Yeah, okay. I see. That's helpful. Thanks for that. And then I just had a question on the, you know, the coverage and reimbursement front with payers. I know, you know, you guys have been driving that process. Just curious as to whether you feel Sanofi could lend any support in terms of market access or your conversations with payers, you know, is that something they can contribute to as part of the co-promotion agreement or, you know, is that kind of well in hand? just with prevention team and your own efforts in that regard.

Jason?

Yes, absolutely, is the answer to the question, David. One of the field-based teams that is a part of the co-promotion agreement is the market access team, the values and outcomes team. And so we will actively be partnering with Sanofi on market access and field-based reimbursement as well.

Okay, that's great to hear. Thanks for taking the questions. Thank you.

Your next question comes from Gregory Urenza with RBC Capital Markets.

Hey guys, it's Anish on for Greg. First of all, congrats on the quarter and thanks for taking my question. Just wanted to get your take on the macro slash clinical landscape. From your perspective, when do you expect in-office patient visits to return to pre-pandemic levels? And with this in mind, what are your screening expectations for at-risk T1D for the TiplizMAP program? Thanks so much.
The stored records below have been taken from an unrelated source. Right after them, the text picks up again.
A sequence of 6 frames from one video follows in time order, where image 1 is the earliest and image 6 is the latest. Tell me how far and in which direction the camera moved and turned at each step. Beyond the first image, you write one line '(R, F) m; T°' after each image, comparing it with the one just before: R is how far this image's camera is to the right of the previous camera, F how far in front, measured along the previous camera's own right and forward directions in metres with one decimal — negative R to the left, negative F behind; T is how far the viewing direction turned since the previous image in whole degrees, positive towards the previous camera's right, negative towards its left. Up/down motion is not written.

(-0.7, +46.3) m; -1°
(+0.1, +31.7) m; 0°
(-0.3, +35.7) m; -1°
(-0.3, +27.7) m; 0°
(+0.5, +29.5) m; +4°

Thank you for the question. Jason, do you want to take that one?

Yeah, it's a great question. And, you know, I think in-office patient visits have already recommenced post-pandemic from what we're hearing in the field. And with respect to screening, I think it's a great question. I think there are multiple different ways that a patient can go about getting screened today. As we've mentioned during previous calls, autoantibody assays are readily available through commercial labs like LabCorp and Quest. We know through data available on LabCorp's website that 98% of patients in their database have an out-of-pocket cost associated with an autoantibody panel of $25 or less, and 65% have an out-of-pocket of zero. So not only is the test available, the test is reimbursed. There are also at-home options supported by JDRF and their T1 Detect program. So patients that are less inclined to go for an in-person physician visit can order a test kit from the comfort of their own home through T1 Detect and have an autoantibody panel conducted from the comfort of their kitchen table, which you know, against the backdrop of a global pandemic. I think JDRF launching this program nearly two years ago was really well-timed. But we anticipate patients being able to get screened and being able to get in to see their physician in person as we potentially roll this drug out in the early part of next year.
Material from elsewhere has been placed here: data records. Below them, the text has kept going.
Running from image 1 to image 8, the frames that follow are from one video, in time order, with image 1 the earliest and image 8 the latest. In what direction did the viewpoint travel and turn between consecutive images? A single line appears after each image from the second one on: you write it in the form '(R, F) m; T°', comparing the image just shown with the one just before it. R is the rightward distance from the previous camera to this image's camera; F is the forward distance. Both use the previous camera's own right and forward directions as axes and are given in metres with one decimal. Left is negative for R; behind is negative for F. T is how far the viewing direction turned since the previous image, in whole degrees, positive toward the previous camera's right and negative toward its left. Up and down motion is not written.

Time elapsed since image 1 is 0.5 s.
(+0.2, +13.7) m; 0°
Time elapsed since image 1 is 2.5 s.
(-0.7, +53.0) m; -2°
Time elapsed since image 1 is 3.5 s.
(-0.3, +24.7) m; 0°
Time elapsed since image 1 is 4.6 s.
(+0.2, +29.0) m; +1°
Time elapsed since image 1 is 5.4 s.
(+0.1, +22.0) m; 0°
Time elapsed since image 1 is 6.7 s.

Great. Thank you so much. Congrats on all the progress.

Ladies and gentlemen, this concludes our question and answer session. I would like to turn the conference back over to Ashley Palmer for any closing remarks.

Well, thank you, operator, and thank you all for joining today. We look forward to keeping you updated in the coming weeks.

Please enjoy the rest of your day. The conference has now concluded. Thank you for attending today's presentation. You may now disconnect.